Benchmarking has been around before computers but they remain useful tools. I had a hand in some of the popular PC benchmarks from PC Magazine when I was Lab Director of PC Labs. These days I am looking more at the embedded side of things. This is where the Embedded Microprocessor Benchmark Consortium (EEMBC) comes into play. They have a range of benchmarks targeting chip and embedded designers. Their CoreMark is very popular.

Their latest benchmark targets floating point hardware especially on SoCs. Markus Levy is founder and president of EEMBC. He is also president of the Multicore Association and chairman of the Multicore Developer's Conference. We recently talked about the new benchmark and its impact on embedded developers.

Related Articles

Wong: EEMBC has been around for more than 16 years, why the recent need for floating-point benchmarks?
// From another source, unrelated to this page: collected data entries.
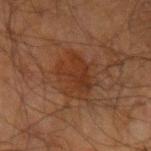<lesion>
<biopsy_status>not biopsied; imaged during a skin examination</biopsy_status>
<automated_metrics>
  <eccentricity>0.65</eccentricity>
  <shape_asymmetry>0.3</shape_asymmetry>
  <cielab_L>28</cielab_L>
  <cielab_a>19</cielab_a>
  <cielab_b>27</cielab_b>
  <vs_skin_darker_L>6.0</vs_skin_darker_L>
  <vs_skin_contrast_norm>6.5</vs_skin_contrast_norm>
  <border_irregularity_0_10>4.0</border_irregularity_0_10>
  <peripheral_color_asymmetry>1.0</peripheral_color_asymmetry>
</automated_metrics>
<site>arm</site>
<lighting>cross-polarized</lighting>
<patient>
  <sex>male</sex>
  <age_approx>70</age_approx>
</patient>
<image>
  <source>total-body photography crop</source>
  <field_of_view_mm>15</field_of_view_mm>
</image>
<lesion_size>
  <long_diameter_mm_approx>5.0</long_diameter_mm_approx>
</lesion_size>
</lesion>
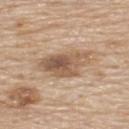– follow-up · no biopsy performed (imaged during a skin exam)
– body site · the upper back
– automated metrics · an area of roughly 14 mm², a shape eccentricity near 0.8, and a shape-asymmetry score of about 0.3 (0 = symmetric); a mean CIELAB color near L≈56 a*≈17 b*≈31, roughly 12 lightness units darker than nearby skin, and a lesion-to-skin contrast of about 8 (normalized; higher = more distinct); a border-irregularity index near 3.5/10, a within-lesion color-variation index near 7.5/10, and peripheral color asymmetry of about 3; a lesion-detection confidence of about 100/100
– patient · male, approximately 80 years of age
– imaging modality · ~15 mm crop, total-body skin-cancer survey
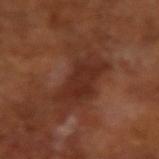biopsy_status: not biopsied; imaged during a skin examination
lighting: cross-polarized
image:
  source: total-body photography crop
  field_of_view_mm: 15
patient:
  sex: male
  age_approx: 65
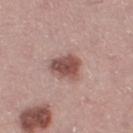The lesion was photographed on a routine skin check and not biopsied; there is no pathology result.
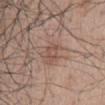Q: Is there a histopathology result?
A: catalogued during a skin exam; not biopsied
Q: What is the imaging modality?
A: ~15 mm crop, total-body skin-cancer survey
Q: Where on the body is the lesion?
A: the mid back
Q: What are the patient's age and sex?
A: male, aged 68–72
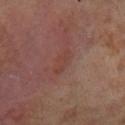Clinical summary: A lesion tile, about 15 mm wide, cut from a 3D total-body photograph. The lesion is on the left lower leg. Approximately 3.5 mm at its widest. A male patient aged 68–72. Captured under cross-polarized illumination. Automated image analysis of the tile measured a shape-asymmetry score of about 0.3 (0 = symmetric). The analysis additionally found a border-irregularity index near 3/10, a within-lesion color-variation index near 2/10, and radial color variation of about 0.5.
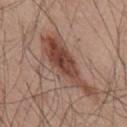The lesion was tiled from a total-body skin photograph and was not biopsied. A 15 mm close-up extracted from a 3D total-body photography capture. Located on the upper back. Longest diameter approximately 10 mm. Automated image analysis of the tile measured internal color variation of about 7.5 on a 0–10 scale and peripheral color asymmetry of about 3. It also reported a nevus-likeness score of about 35/100 and a lesion-detection confidence of about 95/100. The patient is a male approximately 55 years of age.
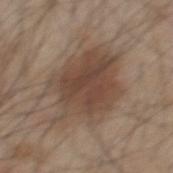{
  "patient": {
    "sex": "male",
    "age_approx": 45
  },
  "site": "mid back",
  "image": {
    "source": "total-body photography crop",
    "field_of_view_mm": 15
  }
}
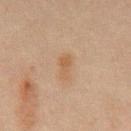Case summary:
– workup: imaged on a skin check; not biopsied
– patient: male, about 45 years old
– illumination: cross-polarized illumination
– diameter: about 3 mm
– imaging modality: total-body-photography crop, ~15 mm field of view
– site: the abdomen
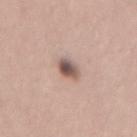biopsy status = imaged on a skin check; not biopsied | lighting = white-light | imaging modality = total-body-photography crop, ~15 mm field of view | location = the mid back | subject = female, in their mid- to late 20s.
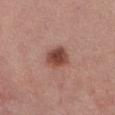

Levy: While floating-point units in processors have been in use for decades, in recent times floating point has become more mainstream, appearing in many embedded applications such as audio, graphics, automotive, and motor control. The FP-enabled processors are better able to take advantage of the need for increased precision in these applications. Floating-point representation makes numerical computation much easier, and as a matter of fact, many algorithms are first coded in floating-point representation before they are painstakingly converted to integer (to be able to run on processors without hardware floating-point support). Furthermore, FP implementations of many algorithms take fewer cycles to execute than fixed-point code (assuming the fixed-point code offers similar precision). To better support FP, more related features are being added to processors. For example, the Cortex-A cores are including FPU back-ends with multi-issue / speculation / out-of-order execution. There’s even FP capability in low-cost microcontrollers, and devices are being integrated with the ability to perform single cycle FP MAC with dual memory access.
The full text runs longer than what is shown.